(Exercise data Opens)

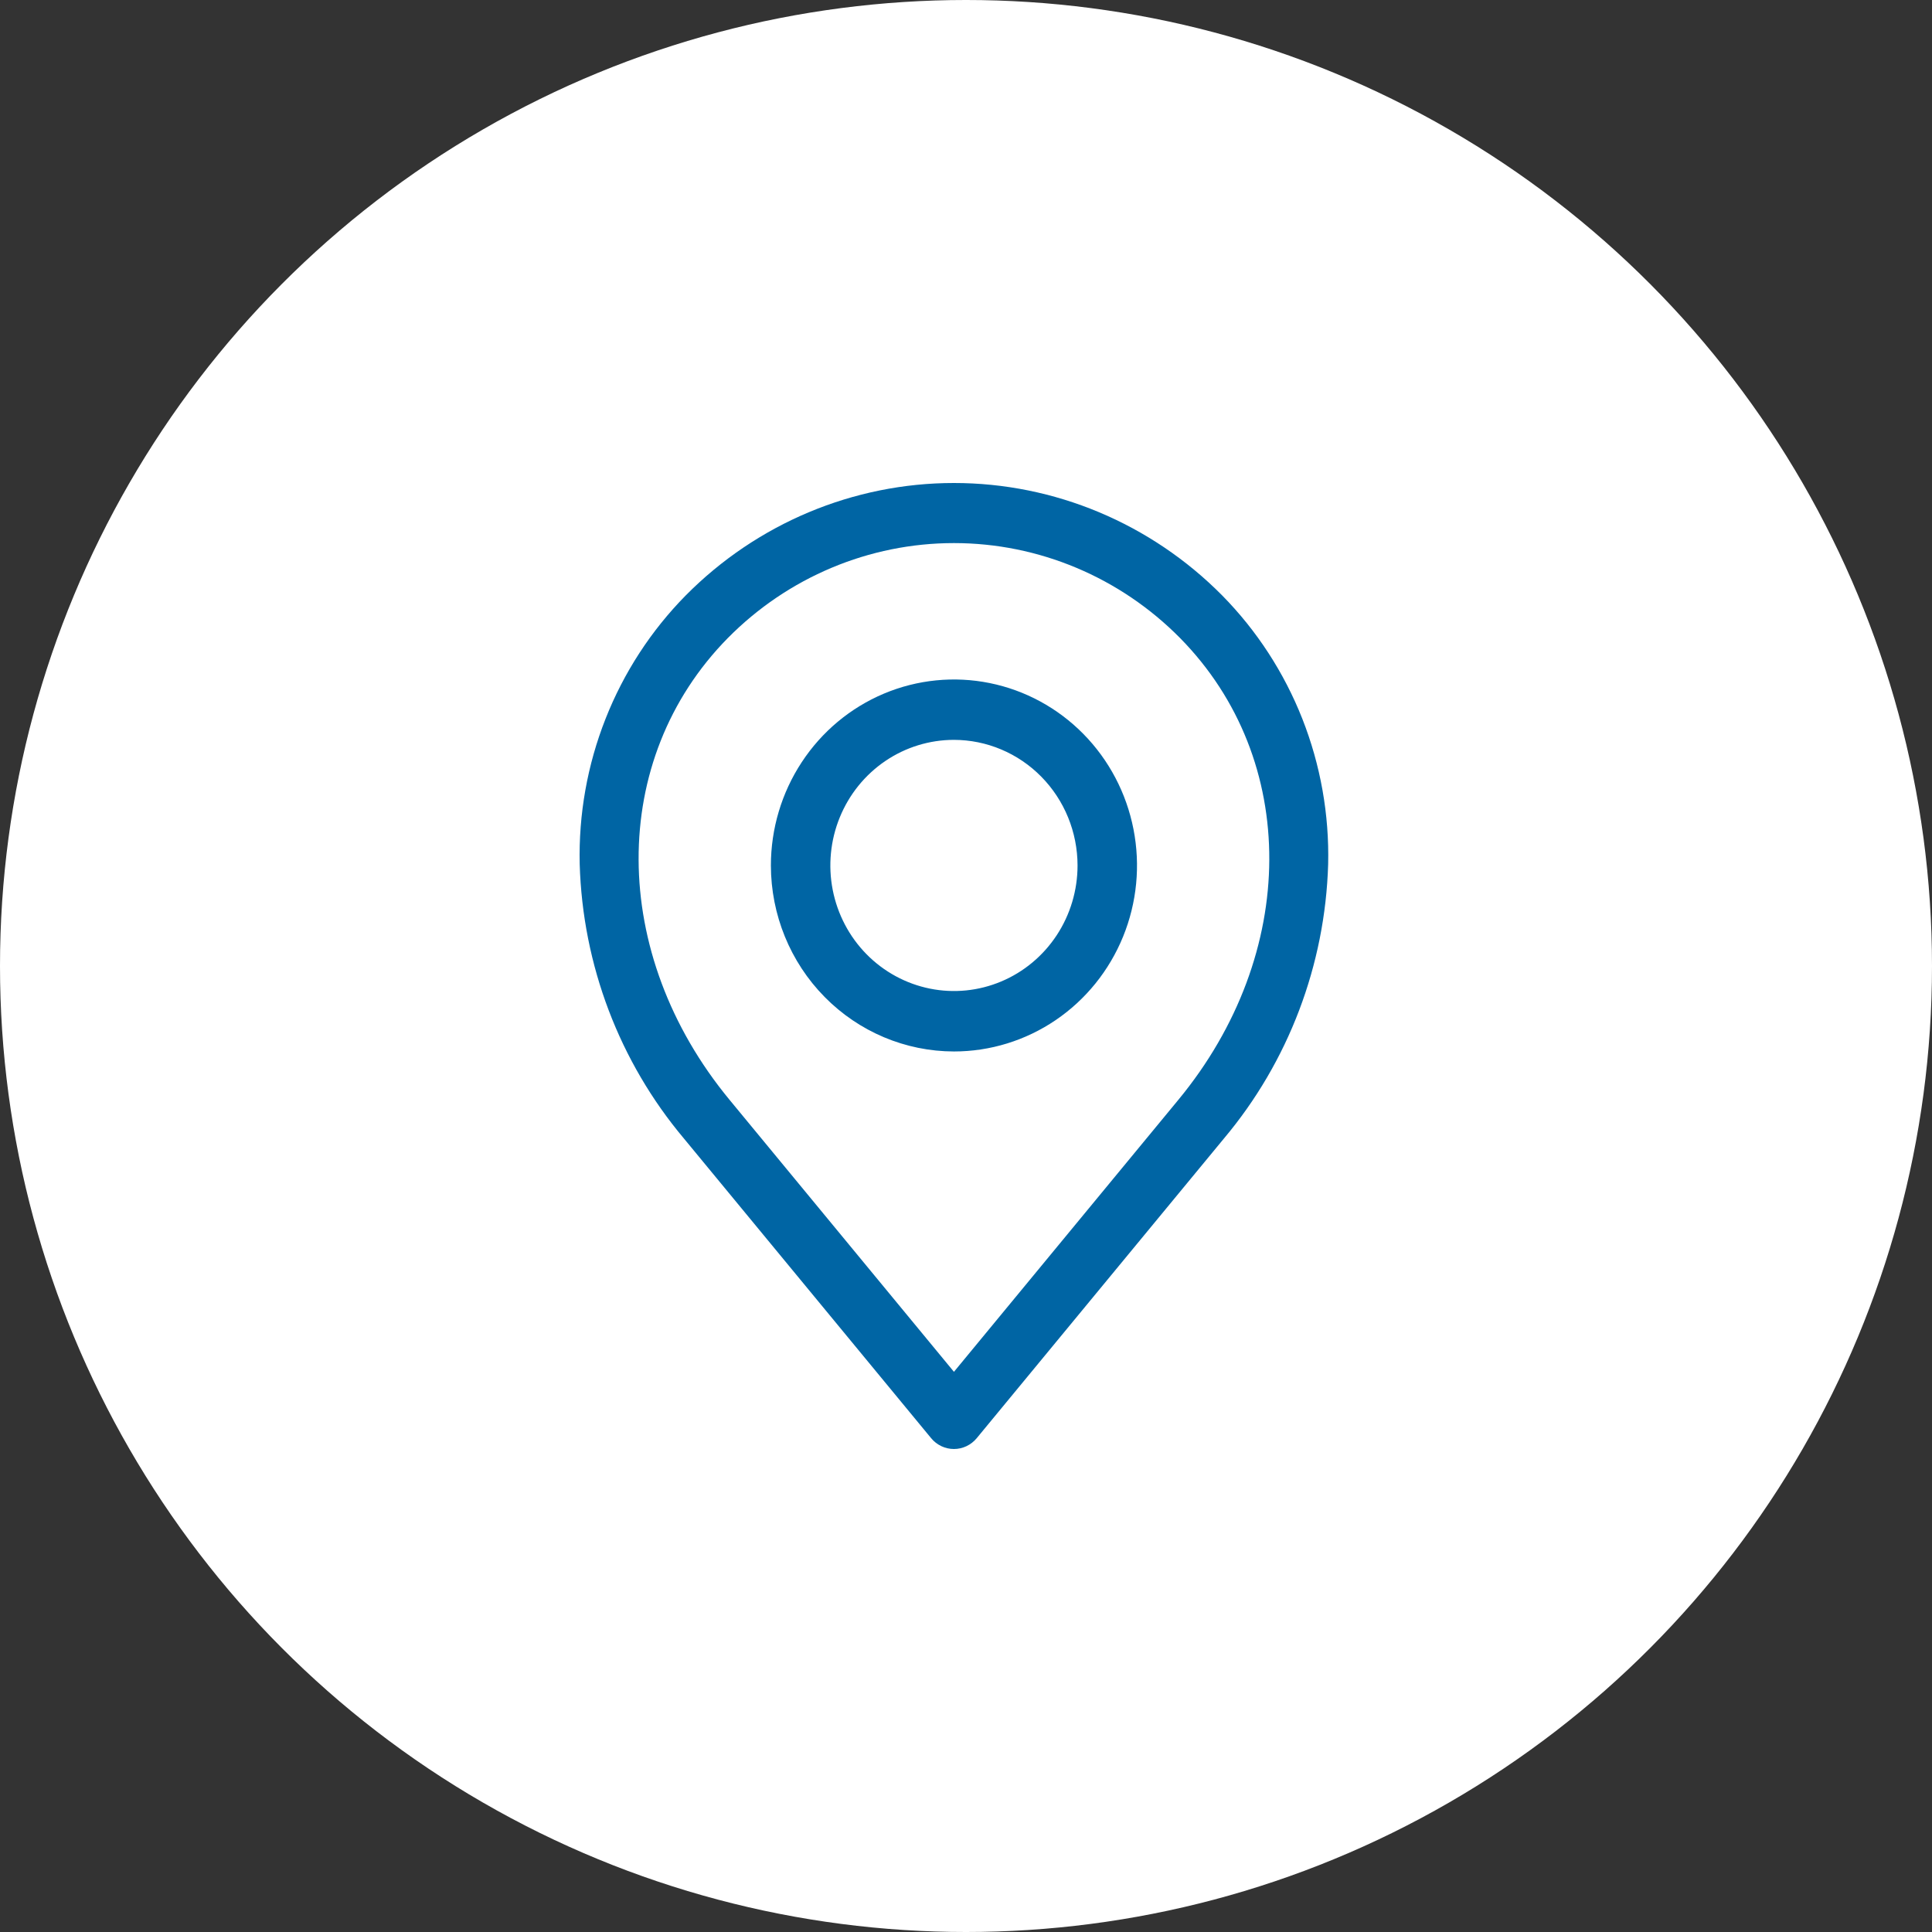 <?xml version="1.0" encoding="UTF-8"?>
<svg xmlns="http://www.w3.org/2000/svg" width="80" height="80" viewBox="0 0 80 80" fill="none">
  <rect x="0" y="0" width="80" height="80" fill="#333333" stroke="none"/>
  <circle cx="40" cy="40" r="40" fill="white"></circle>
  <path fill-rule="evenodd" clip-rule="evenodd" d="M30.134 26.424C32.62 23.904 35.989 22.488 39.501 22.488C43.013 22.488 46.382 23.904 48.868 26.424C53.816 31.452 53.786 39.491 48.795 45.539L39.501 56.804L30.207 45.539C25.216 39.491 25.186 31.451 30.134 26.424ZM28.321 47.145L38.557 59.553C38.672 59.693 38.817 59.805 38.98 59.883C39.143 59.96 39.32 60 39.5 60C39.68 60 39.857 59.96 40.02 59.883C40.183 59.805 40.327 59.693 40.443 59.553L50.679 47.145C53.35 43.969 54.873 39.96 54.996 35.783C55.044 33.724 54.68 31.675 53.926 29.762C53.172 27.85 52.043 26.113 50.608 24.656C47.657 21.674 43.664 20 39.501 20C35.339 20 31.345 21.674 28.394 24.656C26.959 26.112 25.829 27.849 25.075 29.762C24.32 31.675 23.956 33.723 24.004 35.783C24.126 39.96 25.649 43.969 28.321 47.145ZM39.501 30.636C38.489 30.636 37.499 30.941 36.658 31.512C35.816 32.084 35.16 32.896 34.773 33.846C34.385 34.796 34.284 35.842 34.481 36.85C34.679 37.859 35.166 38.786 35.882 39.513C36.598 40.24 37.51 40.735 38.503 40.936C39.495 41.137 40.525 41.034 41.46 40.64C42.395 40.247 43.194 39.58 43.757 38.725C44.319 37.87 44.619 36.864 44.619 35.836C44.617 34.457 44.078 33.136 43.118 32.161C42.159 31.186 40.858 30.638 39.501 30.636ZM39.501 43.539C41 43.539 42.466 43.087 43.712 42.241C44.959 41.395 45.93 40.192 46.504 38.785C47.078 37.377 47.228 35.829 46.935 34.335C46.643 32.841 45.921 31.469 44.861 30.392C43.801 29.315 42.45 28.581 40.98 28.284C39.51 27.987 37.985 28.139 36.6 28.722C35.215 29.305 34.031 30.292 33.199 31.559C32.366 32.825 31.921 34.314 31.921 35.837C31.923 37.879 32.723 39.837 34.144 41.28C35.565 42.724 37.491 43.536 39.501 43.539Z" fill="#0065A4"></path>
</svg>
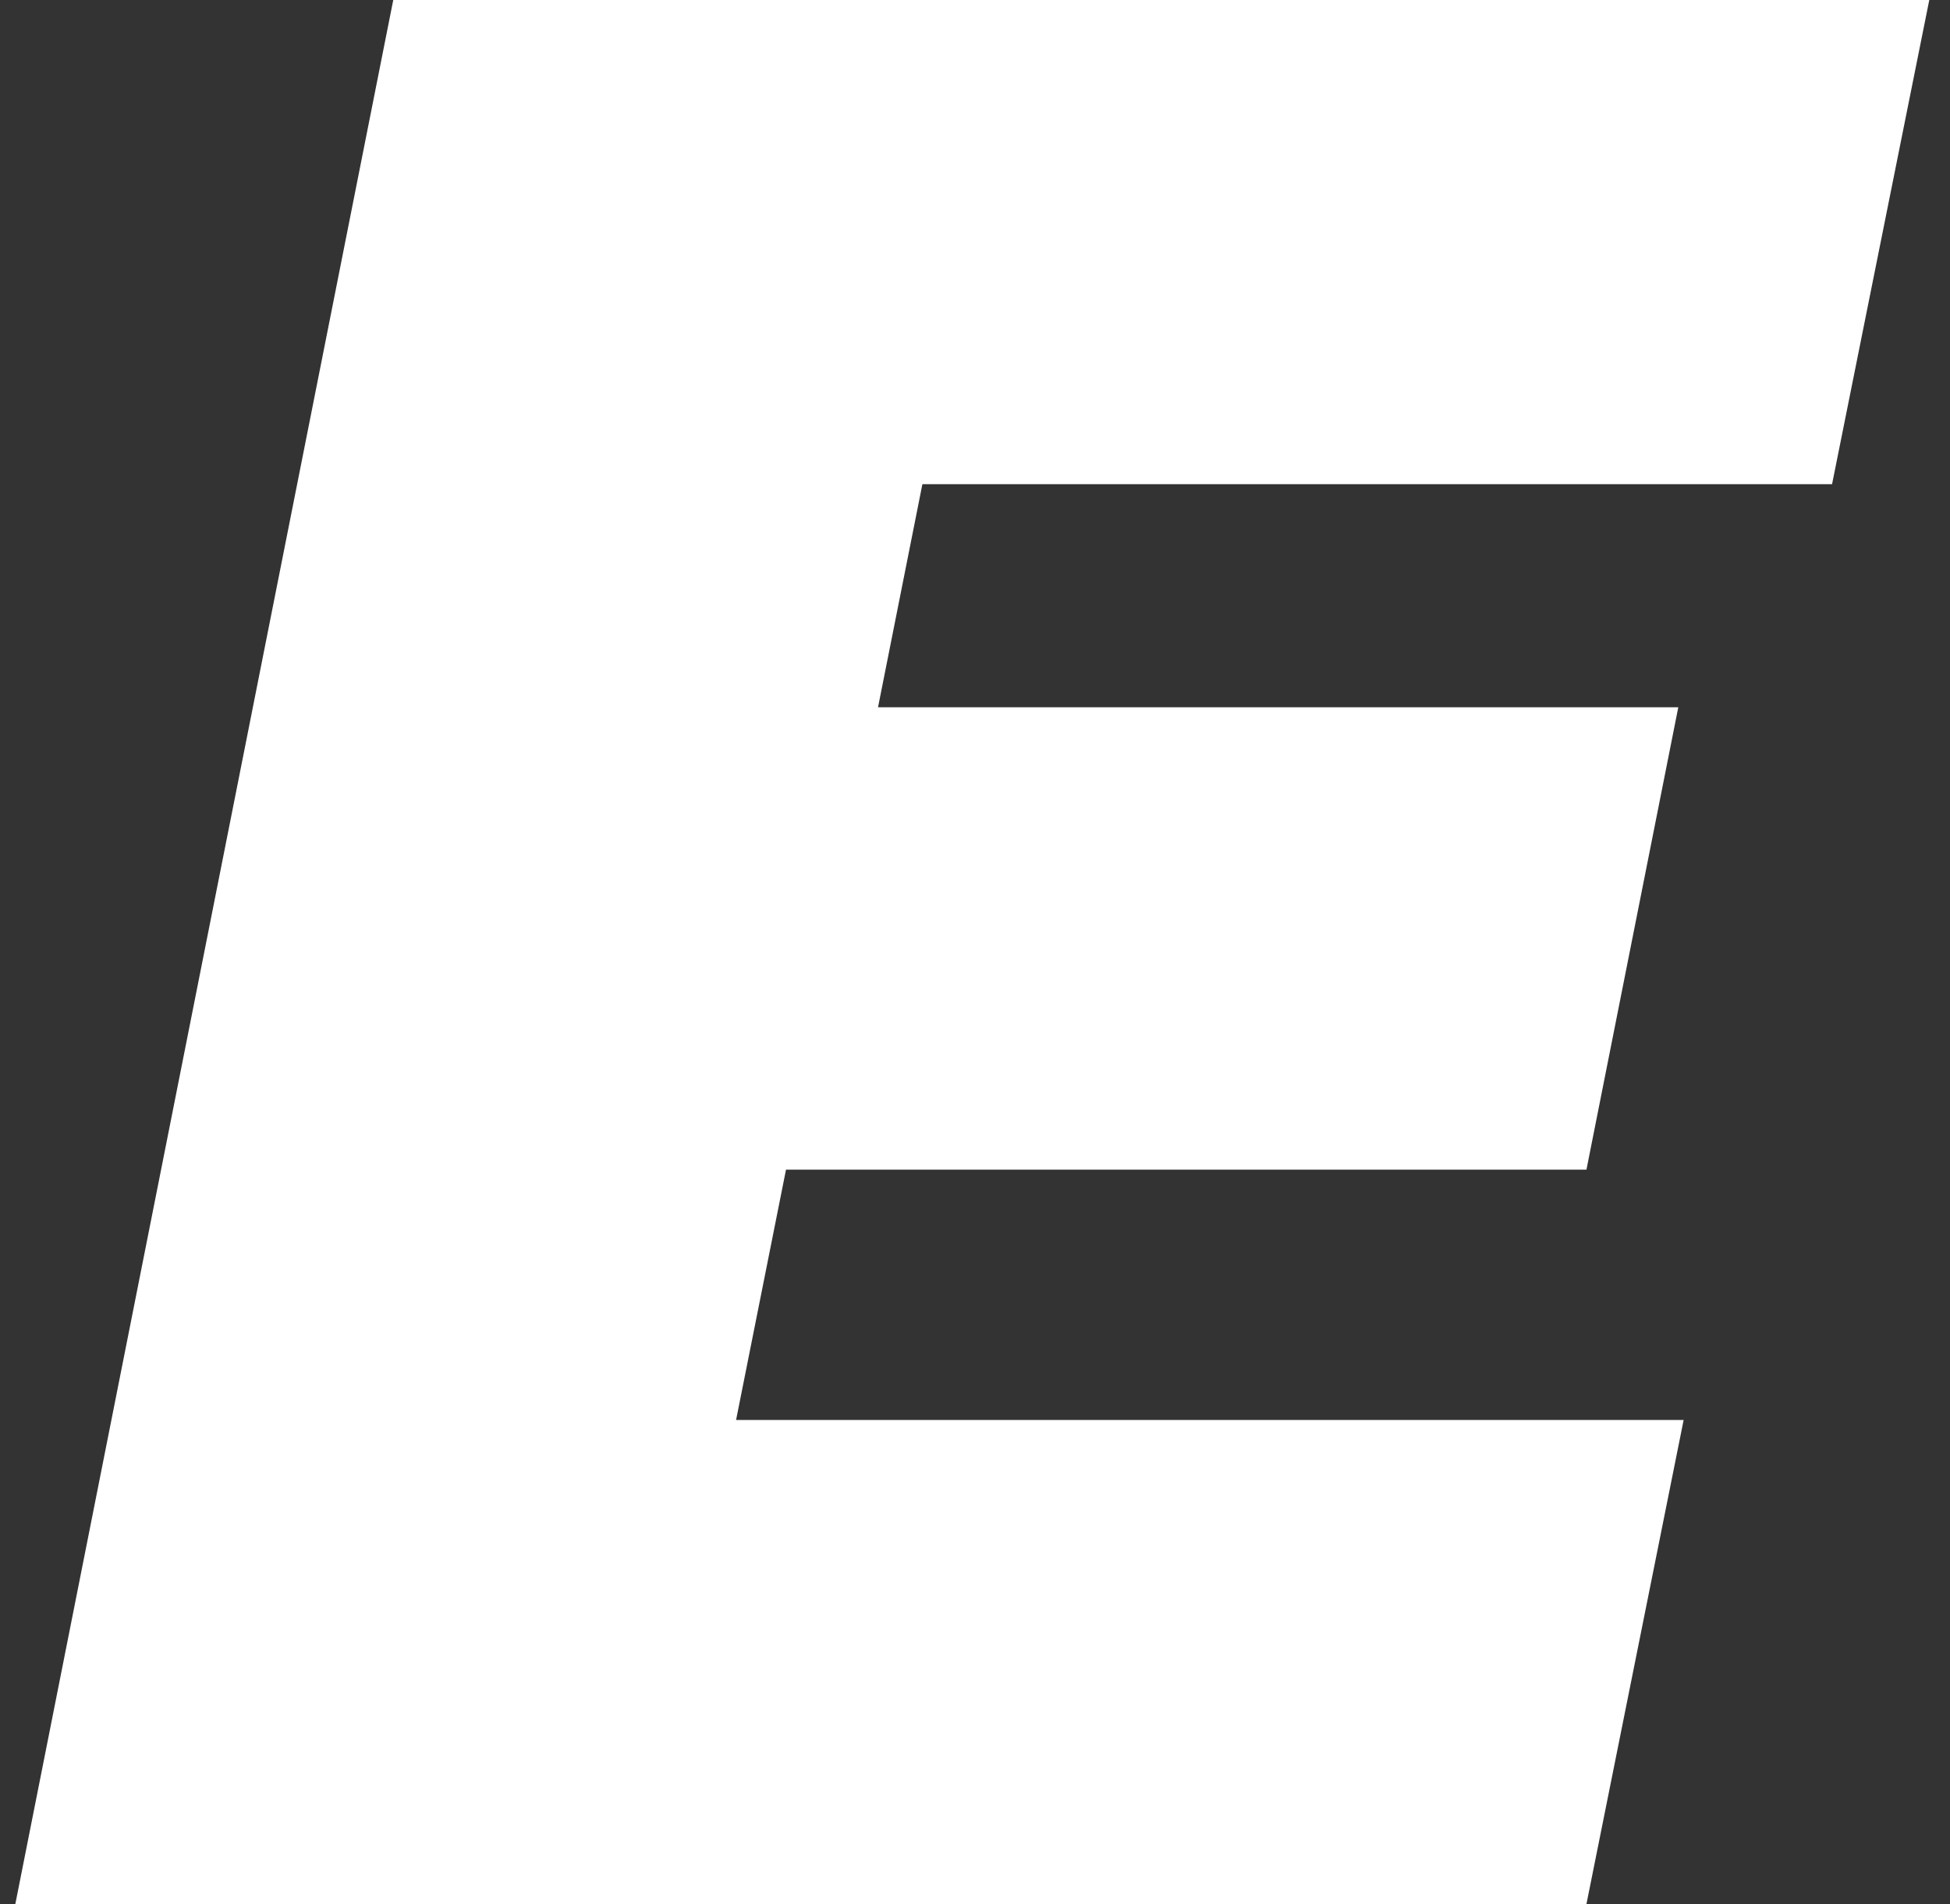 <svg width="85" height="83" viewBox="0 0 85 83" fill="#FFFFFF" xmlns="http://www.w3.org/2000/svg">
<rect x="0" y="0" width="85" height="83" fill="#333333" stroke="none"/>
<path d="M38.273 31.83H71.938L68.332 49.985H34.261H33.441L33.281 50.79L31.105 61.699L30.867 62.895H32.086H72.169L68.333 82H1.885L17.963 1H82.876L79.04 20.105H40.207H39.386L39.226 20.91L37.292 30.635L37.055 31.83H38.273Z" stroke="white" stroke-width="2"/>
</svg>

(Exercise data Closes)

Exactly as written, restate all of the data, leaving out the images.

 <?xml version="1.0" encoding="UTF-8"?>
<svg xmlns="http://www.w3.org/2000/svg" width="80" height="80" viewBox="0 0 80 80" fill="none">
  <rect x="0" y="0" width="80" height="80" fill="#333333" stroke="none"/>
  <circle cx="40" cy="40" r="40" fill="white"></circle>
  <path fill-rule="evenodd" clip-rule="evenodd" d="M30.134 26.424C32.62 23.904 35.989 22.488 39.501 22.488C43.013 22.488 46.382 23.904 48.868 26.424C53.816 31.452 53.786 39.491 48.795 45.539L39.501 56.804L30.207 45.539C25.216 39.491 25.186 31.451 30.134 26.424ZM28.321 47.145L38.557 59.553C38.672 59.693 38.817 59.805 38.98 59.883C39.143 59.96 39.32 60 39.5 60C39.68 60 39.857 59.96 40.02 59.883C40.183 59.805 40.327 59.693 40.443 59.553L50.679 47.145C53.35 43.969 54.873 39.96 54.996 35.783C55.044 33.724 54.68 31.675 53.926 29.762C53.172 27.85 52.043 26.113 50.608 24.656C47.657 21.674 43.664 20 39.501 20C35.339 20 31.345 21.674 28.394 24.656C26.959 26.112 25.829 27.849 25.075 29.762C24.32 31.675 23.956 33.723 24.004 35.783C24.126 39.96 25.649 43.969 28.321 47.145ZM39.501 30.636C38.489 30.636 37.499 30.941 36.658 31.512C35.816 32.084 35.16 32.896 34.773 33.846C34.385 34.796 34.284 35.842 34.481 36.85C34.679 37.859 35.166 38.786 35.882 39.513C36.598 40.24 37.51 40.735 38.503 40.936C39.495 41.137 40.525 41.034 41.46 40.64C42.395 40.247 43.194 39.58 43.757 38.725C44.319 37.87 44.619 36.864 44.619 35.836C44.617 34.457 44.078 33.136 43.118 32.161C42.159 31.186 40.858 30.638 39.501 30.636ZM39.501 43.539C41 43.539 42.466 43.087 43.712 42.241C44.959 41.395 45.93 40.192 46.504 38.785C47.078 37.377 47.228 35.829 46.935 34.335C46.643 32.841 45.921 31.469 44.861 30.392C43.801 29.315 42.45 28.581 40.98 28.284C39.51 27.987 37.985 28.139 36.6 28.722C35.215 29.305 34.031 30.292 33.199 31.559C32.366 32.825 31.921 34.314 31.921 35.837C31.923 37.879 32.723 39.837 34.144 41.28C35.565 42.724 37.491 43.536 39.501 43.539Z" fill="#0065A4"></path>
</svg>
 <svg width="85" height="83" viewBox="0 0 85 83" fill="#FFFFFF" xmlns="http://www.w3.org/2000/svg">
<rect x="0" y="0" width="85" height="83" fill="#333333" stroke="none"/>
<path d="M38.273 31.83H71.938L68.332 49.985H34.261H33.441L33.281 50.79L31.105 61.699L30.867 62.895H32.086H72.169L68.333 82H1.885L17.963 1H82.876L79.04 20.105H40.207H39.386L39.226 20.91L37.292 30.635L37.055 31.83H38.273Z" stroke="white" stroke-width="2"/>
</svg>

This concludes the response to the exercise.